**THE PROBLEM**
Beginning with the line that has "An aerial image. It shows: Industrial area." and ending with the line that has "Font: Inter-Italic_Medium_Italic", retype the entries below exactly, except for the pictures.

**ENTRIES SUPPLIED**

◇ ◇ ◇ ◇

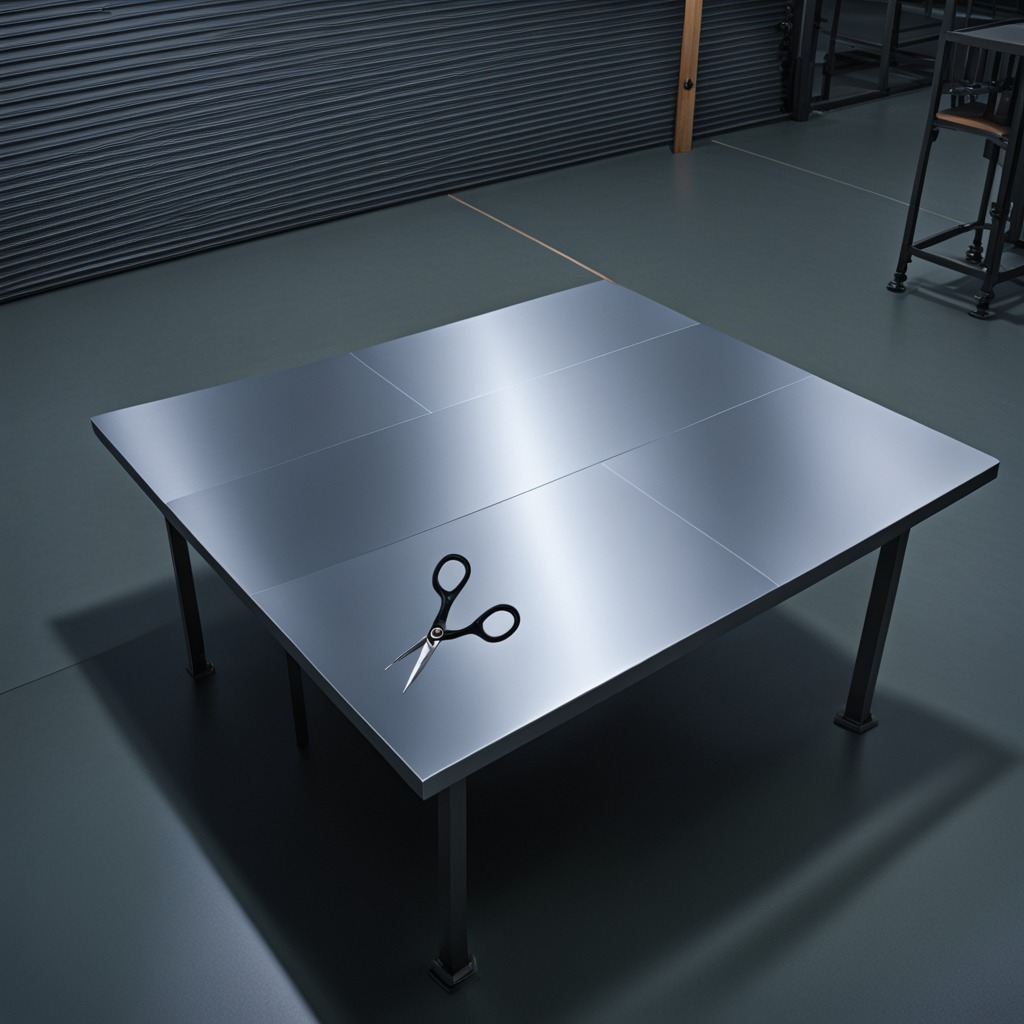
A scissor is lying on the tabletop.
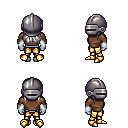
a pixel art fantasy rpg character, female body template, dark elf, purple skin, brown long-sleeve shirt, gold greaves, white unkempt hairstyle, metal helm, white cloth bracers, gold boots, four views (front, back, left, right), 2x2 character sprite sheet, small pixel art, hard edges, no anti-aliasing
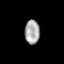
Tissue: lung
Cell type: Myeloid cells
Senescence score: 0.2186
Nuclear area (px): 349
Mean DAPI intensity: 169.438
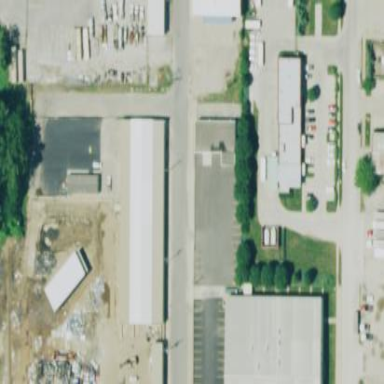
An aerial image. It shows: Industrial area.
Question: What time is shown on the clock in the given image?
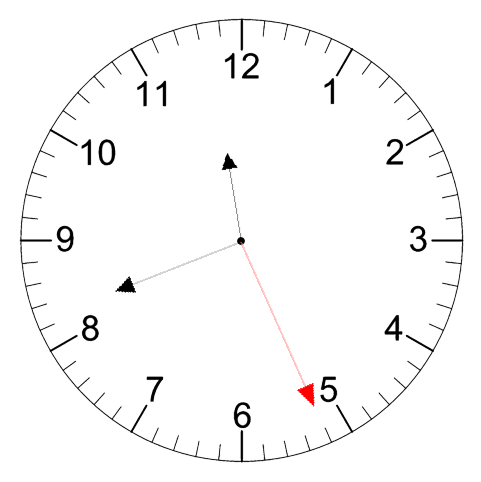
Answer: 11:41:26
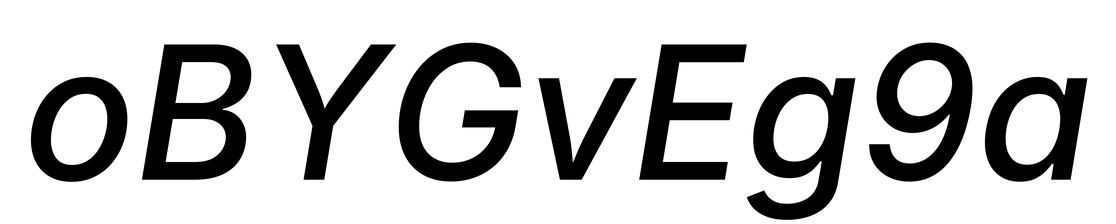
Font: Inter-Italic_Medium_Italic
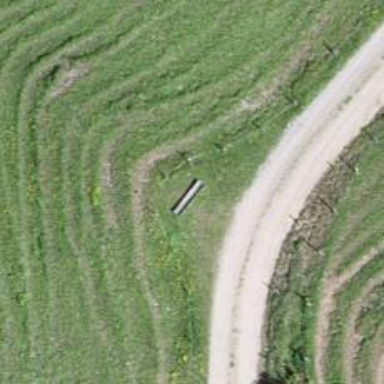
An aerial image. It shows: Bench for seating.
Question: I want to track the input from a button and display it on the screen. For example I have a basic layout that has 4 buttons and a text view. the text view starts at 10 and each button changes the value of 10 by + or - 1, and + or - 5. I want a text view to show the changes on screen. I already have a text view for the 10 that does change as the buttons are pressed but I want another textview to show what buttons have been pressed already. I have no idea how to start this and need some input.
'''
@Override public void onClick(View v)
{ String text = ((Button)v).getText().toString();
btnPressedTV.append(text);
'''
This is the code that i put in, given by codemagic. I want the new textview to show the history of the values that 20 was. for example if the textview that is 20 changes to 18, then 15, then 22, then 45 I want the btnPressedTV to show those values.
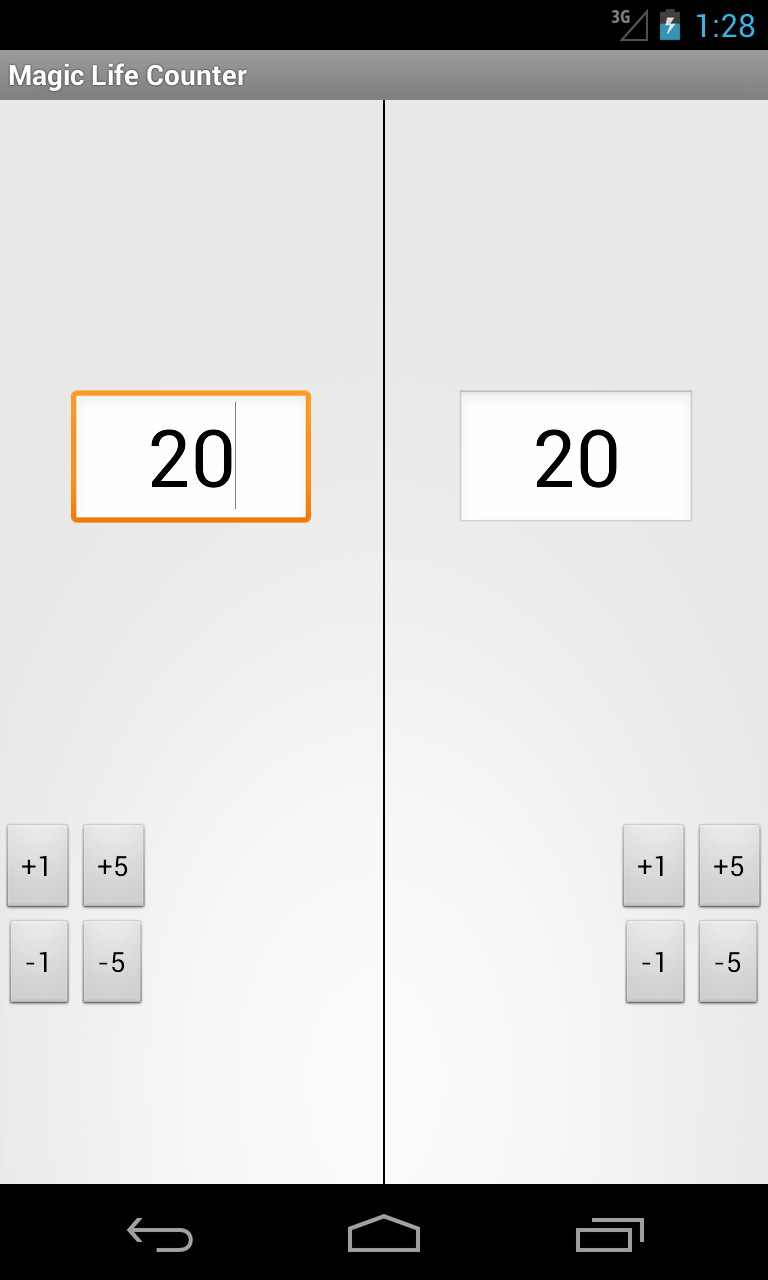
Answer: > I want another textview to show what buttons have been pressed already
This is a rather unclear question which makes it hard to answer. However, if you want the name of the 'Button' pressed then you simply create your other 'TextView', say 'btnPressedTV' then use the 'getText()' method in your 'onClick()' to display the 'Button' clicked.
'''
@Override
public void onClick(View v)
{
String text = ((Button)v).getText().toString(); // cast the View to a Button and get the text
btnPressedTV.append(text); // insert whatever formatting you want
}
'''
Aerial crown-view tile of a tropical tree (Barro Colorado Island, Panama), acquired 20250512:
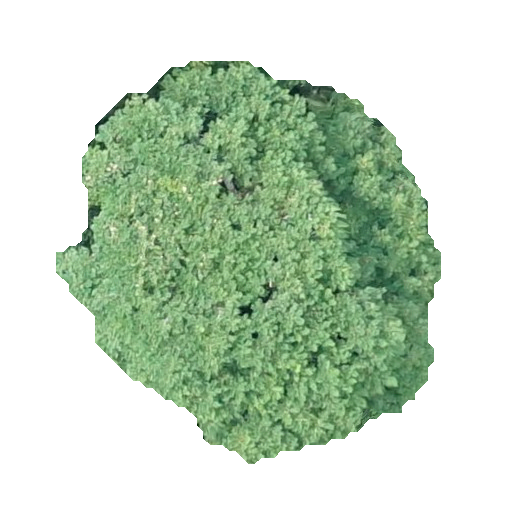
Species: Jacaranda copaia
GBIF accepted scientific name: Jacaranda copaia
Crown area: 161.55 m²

◇ ◇ ◇ ◇

**ANSWER SPACE**
An aerial image. It shows: Industrial area.
Question: What time is shown on the clock in the given image?
Answer: 11:41:26
Font: Inter-Italic_Medium_Italic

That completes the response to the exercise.